2.4 WP4 – ‘In house’ article authoring

 

17The staff on the project will contribute a significant number of articles to the KiB k-blog. Stevens will produce 20 articles; Lord 10 articles and Swan 10 articles (WP4.1). Both Lord and Stevens have already contributed articles to the Ontogenesis k-blog and will further extend on Ontogenesis in the wider KiB topics. These topics will include articles on tips for modeling in OWL; using ontologies with linked data; converting data to RDF and linked data; On-line knowledge resources; using ontologies in over-representation analysis of microarray data; integration strategies; and so on. Some of these in-house articles will act as glue that draw together many of the other articles. For example, an article on the role of knowledge in biology will draw together the need for the k-blog and act as a pathfinder. Where appropriate, we will use tools such as “Anthologize” and “Web Trails” to facilitate these aggregation activities. In house articles will be reviewed (WP4.2) by an external reviewer, potentially from the pool of contributors sourced in WP2.

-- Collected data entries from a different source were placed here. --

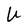
Character: U
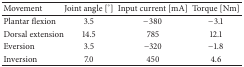
| Movement | Joint angle [°] | Input current [mA] | Torque [Nm] |
 | --- | --- | --- | --- |
 | Plantar flexion | 3.5 | −380 | −3.1 |
 | Dorsal extension | 14.5 | 785 | 12.1 |
 | Eversion | 3.5 | −320 | −1.8 |
 | Inversion | 7.0 | 450 | 4.6 |
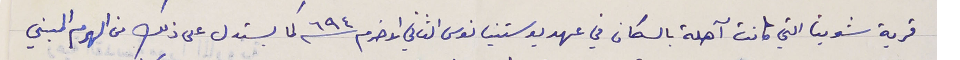
قرية شويتا التي كانت آهلة بالسكان في عهد يوستنيانوس الثاني الاخرم سنة ٦٩٤ كما يستدل على ذلك من الهرم المبني
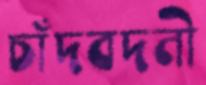
চাঁদবদনী
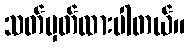
သတ်မှတ်ထားပါတယ်။
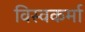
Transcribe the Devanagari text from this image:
विस्वकर्मा
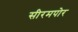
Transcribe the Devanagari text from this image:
सीरमपोर
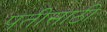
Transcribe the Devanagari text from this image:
पतीसाठी
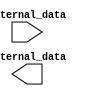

2.5 WP5 – Project Management and JISC Requirements

 

18Management of the project will use regular weekly teleconferences, to ensure that all aspects are proceeding according to the project plan. In addition, we will fulfill the legal requirements for collaboration agreements and the formal reporting requirements from JISC as part of WP5.

19To ensure maximum community and public engagement in this proposal, all appropriate documents will be posted using the k-blog environment in addition to those locations specified by JISC, except where that information is withheld under normal FOI rules.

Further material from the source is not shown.